Records to process: Begin
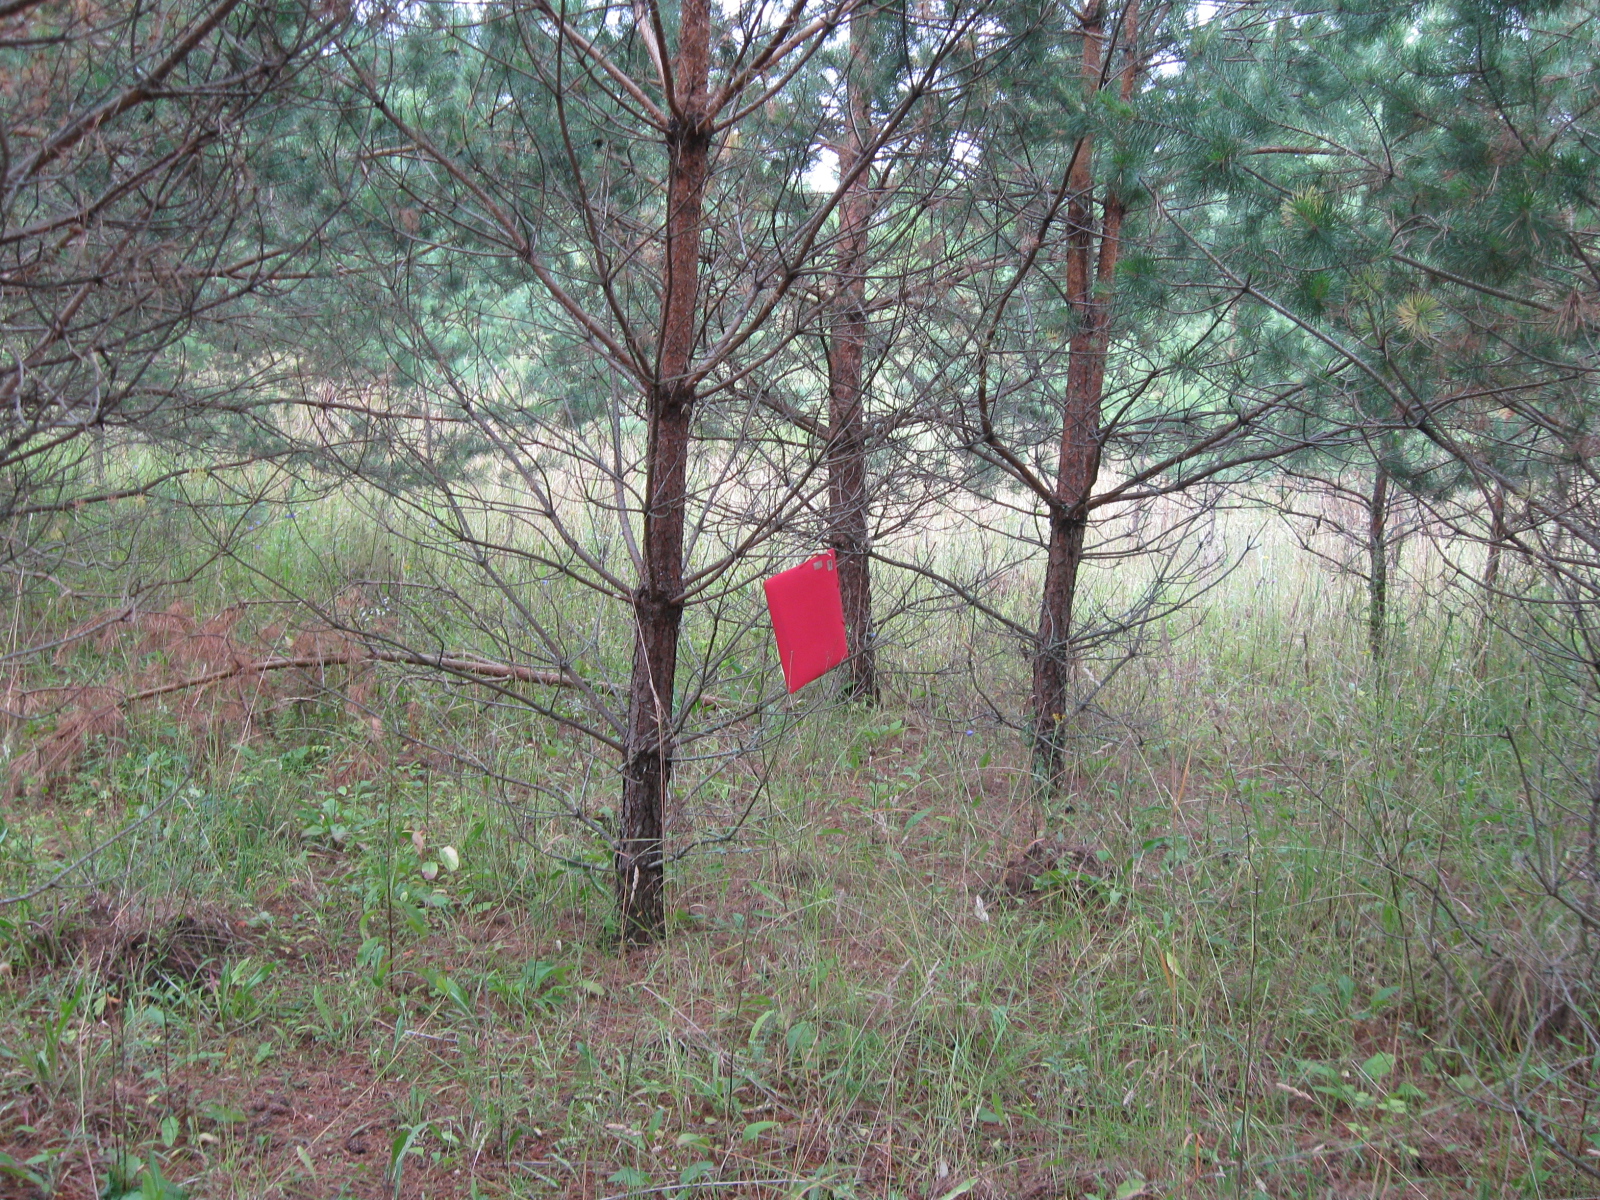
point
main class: Woodland
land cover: Pine dominated coniferous woodland
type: hemiboreal forest and nemoral coniferous forest and mixed broadleaved-coniferous forest
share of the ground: 50 - 75 %
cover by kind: coniferous forest trees 70 %, herbaceous plants 25 %, unconsolidated bare surface 5 %
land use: Forestry
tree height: < 5 m
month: July
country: LT
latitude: 54.4058
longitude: 24.3504
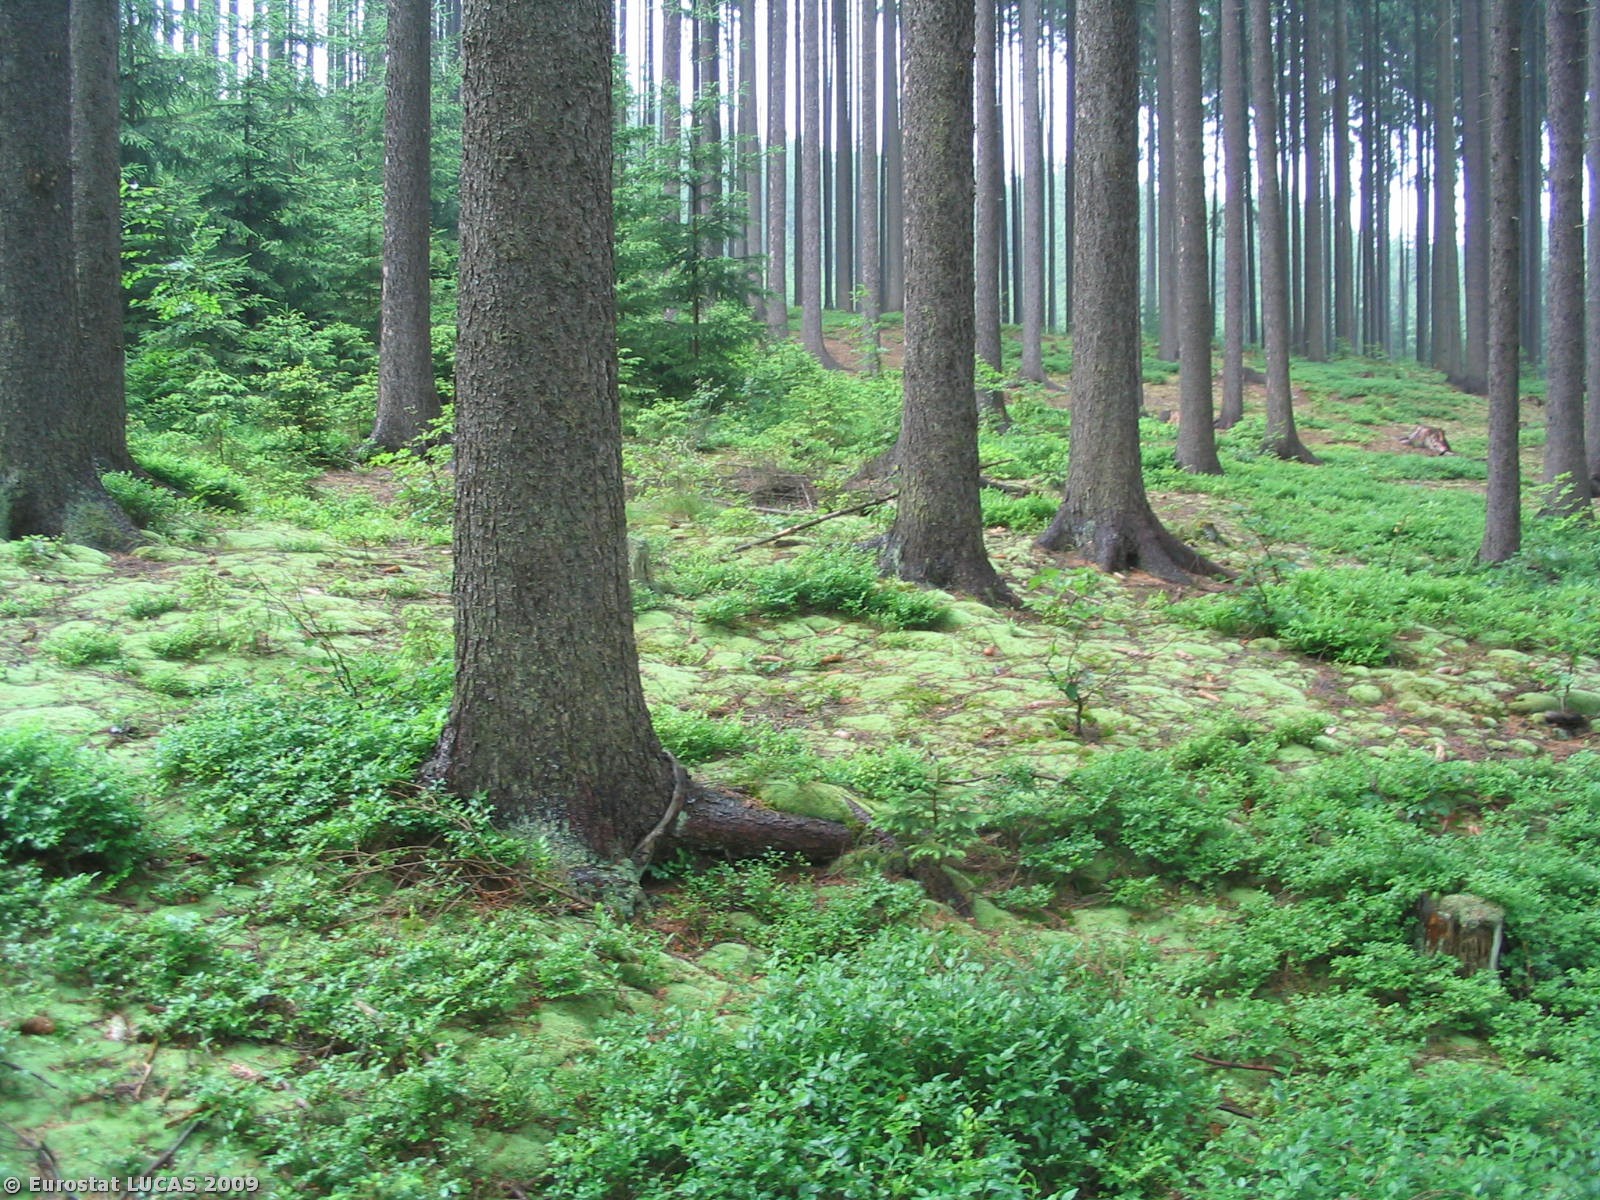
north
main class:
Records to process: End
_Task item:_ Once you reach the line containing "main class: Woodland", print it and every line after it exactly, through the end of the entries, without any pictures.

_Solution for this task:_
main class: Woodland
land cover: Pine dominated coniferous woodland
type: hemiboreal forest and nemoral coniferous forest and mixed broadleaved-coniferous forest
share of the ground: 50 - 75 %
cover by kind: coniferous forest trees 70 %, herbaceous plants 25 %, unconsolidated bare surface 5 %
land use: Forestry
tree height: < 5 m
month: July
country: LT
latitude: 54.4058
longitude: 24.3504
north
main class:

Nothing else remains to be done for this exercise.